- Task requirements -
For each line in the data below that holds "second", return a copy.

:: Study material ::

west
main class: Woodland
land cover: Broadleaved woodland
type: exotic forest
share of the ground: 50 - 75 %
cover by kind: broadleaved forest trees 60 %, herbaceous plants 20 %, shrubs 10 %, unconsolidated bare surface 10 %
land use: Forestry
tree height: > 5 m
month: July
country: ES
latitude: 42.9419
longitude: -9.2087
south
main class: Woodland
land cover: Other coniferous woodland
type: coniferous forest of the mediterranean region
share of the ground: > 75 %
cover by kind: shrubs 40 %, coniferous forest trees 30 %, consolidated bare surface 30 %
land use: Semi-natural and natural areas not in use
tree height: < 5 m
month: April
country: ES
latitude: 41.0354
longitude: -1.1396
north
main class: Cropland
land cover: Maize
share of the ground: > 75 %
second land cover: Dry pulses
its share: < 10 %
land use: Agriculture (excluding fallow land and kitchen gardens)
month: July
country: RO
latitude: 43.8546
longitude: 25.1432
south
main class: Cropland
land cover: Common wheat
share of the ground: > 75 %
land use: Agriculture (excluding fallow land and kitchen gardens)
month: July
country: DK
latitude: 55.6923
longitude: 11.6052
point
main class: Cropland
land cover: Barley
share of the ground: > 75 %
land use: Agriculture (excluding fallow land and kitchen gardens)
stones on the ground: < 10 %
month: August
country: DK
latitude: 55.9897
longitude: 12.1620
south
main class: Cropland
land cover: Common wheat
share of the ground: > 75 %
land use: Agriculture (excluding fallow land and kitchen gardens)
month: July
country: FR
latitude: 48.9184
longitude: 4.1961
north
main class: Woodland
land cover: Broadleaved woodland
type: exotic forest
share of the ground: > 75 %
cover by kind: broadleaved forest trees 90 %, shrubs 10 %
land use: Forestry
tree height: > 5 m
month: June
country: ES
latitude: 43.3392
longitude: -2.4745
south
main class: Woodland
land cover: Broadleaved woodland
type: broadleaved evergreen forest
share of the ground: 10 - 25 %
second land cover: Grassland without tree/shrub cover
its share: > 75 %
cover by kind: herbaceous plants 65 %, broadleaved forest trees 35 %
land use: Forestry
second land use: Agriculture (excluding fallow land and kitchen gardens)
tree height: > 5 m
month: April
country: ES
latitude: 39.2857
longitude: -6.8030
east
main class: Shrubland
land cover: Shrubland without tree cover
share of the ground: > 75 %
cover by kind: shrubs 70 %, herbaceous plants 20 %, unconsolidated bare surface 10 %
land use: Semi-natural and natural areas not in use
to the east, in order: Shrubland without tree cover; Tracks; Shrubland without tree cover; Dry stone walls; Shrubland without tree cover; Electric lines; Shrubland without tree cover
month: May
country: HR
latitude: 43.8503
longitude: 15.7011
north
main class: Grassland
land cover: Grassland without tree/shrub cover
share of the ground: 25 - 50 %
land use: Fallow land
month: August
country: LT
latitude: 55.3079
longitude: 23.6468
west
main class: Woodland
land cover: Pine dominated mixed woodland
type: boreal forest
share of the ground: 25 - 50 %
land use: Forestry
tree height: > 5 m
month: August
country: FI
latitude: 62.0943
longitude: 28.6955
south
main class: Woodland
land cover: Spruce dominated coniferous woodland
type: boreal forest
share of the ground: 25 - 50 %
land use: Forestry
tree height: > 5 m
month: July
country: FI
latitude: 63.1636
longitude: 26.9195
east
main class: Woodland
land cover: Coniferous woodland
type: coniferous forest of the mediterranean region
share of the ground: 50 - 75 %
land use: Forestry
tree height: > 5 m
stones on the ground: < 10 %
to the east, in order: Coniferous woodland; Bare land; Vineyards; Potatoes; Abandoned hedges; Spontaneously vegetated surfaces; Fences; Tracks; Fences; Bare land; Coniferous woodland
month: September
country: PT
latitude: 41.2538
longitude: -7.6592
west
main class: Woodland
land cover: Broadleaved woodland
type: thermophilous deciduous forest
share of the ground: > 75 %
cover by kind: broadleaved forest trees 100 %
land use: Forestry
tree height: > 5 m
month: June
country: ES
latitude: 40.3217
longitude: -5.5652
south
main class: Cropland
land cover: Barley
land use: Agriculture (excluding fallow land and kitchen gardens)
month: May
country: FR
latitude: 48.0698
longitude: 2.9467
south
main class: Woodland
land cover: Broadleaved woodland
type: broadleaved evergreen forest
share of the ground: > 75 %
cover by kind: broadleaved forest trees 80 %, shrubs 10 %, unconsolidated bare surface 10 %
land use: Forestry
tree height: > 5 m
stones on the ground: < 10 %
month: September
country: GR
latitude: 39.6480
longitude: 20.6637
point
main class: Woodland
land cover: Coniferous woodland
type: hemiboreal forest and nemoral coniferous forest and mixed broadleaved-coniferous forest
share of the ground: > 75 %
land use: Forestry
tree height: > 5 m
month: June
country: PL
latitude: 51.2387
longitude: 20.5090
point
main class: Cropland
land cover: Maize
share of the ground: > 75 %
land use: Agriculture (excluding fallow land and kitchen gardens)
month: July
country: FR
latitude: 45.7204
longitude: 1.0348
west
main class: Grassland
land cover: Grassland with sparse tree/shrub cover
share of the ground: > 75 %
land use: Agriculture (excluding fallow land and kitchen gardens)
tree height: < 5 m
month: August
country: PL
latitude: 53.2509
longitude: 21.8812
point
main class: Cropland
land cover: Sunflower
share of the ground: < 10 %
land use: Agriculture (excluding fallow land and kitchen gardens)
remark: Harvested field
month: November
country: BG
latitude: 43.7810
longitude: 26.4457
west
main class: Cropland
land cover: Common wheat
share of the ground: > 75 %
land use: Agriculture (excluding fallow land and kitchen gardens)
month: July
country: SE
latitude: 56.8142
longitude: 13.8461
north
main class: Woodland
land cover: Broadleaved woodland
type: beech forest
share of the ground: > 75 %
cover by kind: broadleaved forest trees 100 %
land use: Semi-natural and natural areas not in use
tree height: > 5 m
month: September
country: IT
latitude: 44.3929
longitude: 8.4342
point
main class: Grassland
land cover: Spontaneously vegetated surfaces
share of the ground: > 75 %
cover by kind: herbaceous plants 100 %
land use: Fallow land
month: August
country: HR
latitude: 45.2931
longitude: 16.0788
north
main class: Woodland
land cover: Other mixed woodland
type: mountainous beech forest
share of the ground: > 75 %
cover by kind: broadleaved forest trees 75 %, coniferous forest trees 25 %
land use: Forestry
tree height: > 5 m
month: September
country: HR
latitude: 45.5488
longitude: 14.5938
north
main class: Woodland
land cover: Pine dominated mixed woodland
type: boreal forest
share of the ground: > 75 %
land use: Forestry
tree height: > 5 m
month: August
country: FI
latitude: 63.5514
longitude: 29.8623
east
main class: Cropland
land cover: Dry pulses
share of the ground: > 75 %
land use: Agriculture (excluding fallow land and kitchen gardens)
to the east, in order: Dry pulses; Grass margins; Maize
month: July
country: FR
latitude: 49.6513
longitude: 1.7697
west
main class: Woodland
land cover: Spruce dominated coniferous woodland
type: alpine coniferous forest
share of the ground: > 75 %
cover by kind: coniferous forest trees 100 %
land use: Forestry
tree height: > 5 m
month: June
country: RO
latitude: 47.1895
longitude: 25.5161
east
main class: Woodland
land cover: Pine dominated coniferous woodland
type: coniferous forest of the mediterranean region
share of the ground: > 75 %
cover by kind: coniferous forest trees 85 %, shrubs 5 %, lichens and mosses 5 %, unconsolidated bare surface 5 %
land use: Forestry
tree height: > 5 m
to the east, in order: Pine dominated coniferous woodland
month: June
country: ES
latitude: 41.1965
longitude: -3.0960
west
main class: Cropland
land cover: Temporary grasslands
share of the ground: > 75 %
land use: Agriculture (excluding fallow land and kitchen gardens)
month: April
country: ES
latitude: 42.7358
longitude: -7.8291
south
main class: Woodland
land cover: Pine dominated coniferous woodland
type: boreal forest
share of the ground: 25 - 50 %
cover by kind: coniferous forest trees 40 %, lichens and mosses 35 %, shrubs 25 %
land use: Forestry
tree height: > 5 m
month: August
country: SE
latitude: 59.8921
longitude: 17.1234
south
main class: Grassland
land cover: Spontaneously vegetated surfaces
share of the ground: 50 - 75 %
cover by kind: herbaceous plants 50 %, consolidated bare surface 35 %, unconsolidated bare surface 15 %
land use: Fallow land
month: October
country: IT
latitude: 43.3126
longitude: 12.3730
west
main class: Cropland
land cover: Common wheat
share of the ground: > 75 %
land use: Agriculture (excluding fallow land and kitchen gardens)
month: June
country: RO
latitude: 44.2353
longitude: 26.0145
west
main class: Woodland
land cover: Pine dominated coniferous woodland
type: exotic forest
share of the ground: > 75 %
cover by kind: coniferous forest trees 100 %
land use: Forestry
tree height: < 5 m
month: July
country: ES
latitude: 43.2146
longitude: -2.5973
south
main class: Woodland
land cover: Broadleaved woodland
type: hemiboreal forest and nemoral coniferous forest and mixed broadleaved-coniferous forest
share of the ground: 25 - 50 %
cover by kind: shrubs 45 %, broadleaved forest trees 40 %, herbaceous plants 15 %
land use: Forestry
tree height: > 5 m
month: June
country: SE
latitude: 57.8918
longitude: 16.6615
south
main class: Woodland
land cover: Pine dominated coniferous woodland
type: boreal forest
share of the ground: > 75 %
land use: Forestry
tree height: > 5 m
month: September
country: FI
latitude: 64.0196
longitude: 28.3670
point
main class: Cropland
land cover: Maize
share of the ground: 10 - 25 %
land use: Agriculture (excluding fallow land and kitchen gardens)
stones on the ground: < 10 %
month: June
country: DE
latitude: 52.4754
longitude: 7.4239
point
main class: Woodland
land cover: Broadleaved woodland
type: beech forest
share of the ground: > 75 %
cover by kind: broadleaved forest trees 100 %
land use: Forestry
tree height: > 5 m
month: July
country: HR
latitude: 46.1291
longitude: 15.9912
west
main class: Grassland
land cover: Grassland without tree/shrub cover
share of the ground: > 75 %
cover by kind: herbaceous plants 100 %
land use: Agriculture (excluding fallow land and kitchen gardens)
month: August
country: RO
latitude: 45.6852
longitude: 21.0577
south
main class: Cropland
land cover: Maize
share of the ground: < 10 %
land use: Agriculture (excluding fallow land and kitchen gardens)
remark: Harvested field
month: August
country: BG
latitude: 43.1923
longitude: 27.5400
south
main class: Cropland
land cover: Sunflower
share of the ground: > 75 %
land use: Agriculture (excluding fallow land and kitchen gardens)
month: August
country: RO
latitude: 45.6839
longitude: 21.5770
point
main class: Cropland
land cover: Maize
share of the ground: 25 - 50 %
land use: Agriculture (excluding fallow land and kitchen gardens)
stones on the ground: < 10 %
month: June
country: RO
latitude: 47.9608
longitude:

:::

- Written response -
second land cover: Dry pulses
second land cover: Grassland without tree/shrub cover
second land use: Agriculture (excluding fallow land and kitchen gardens)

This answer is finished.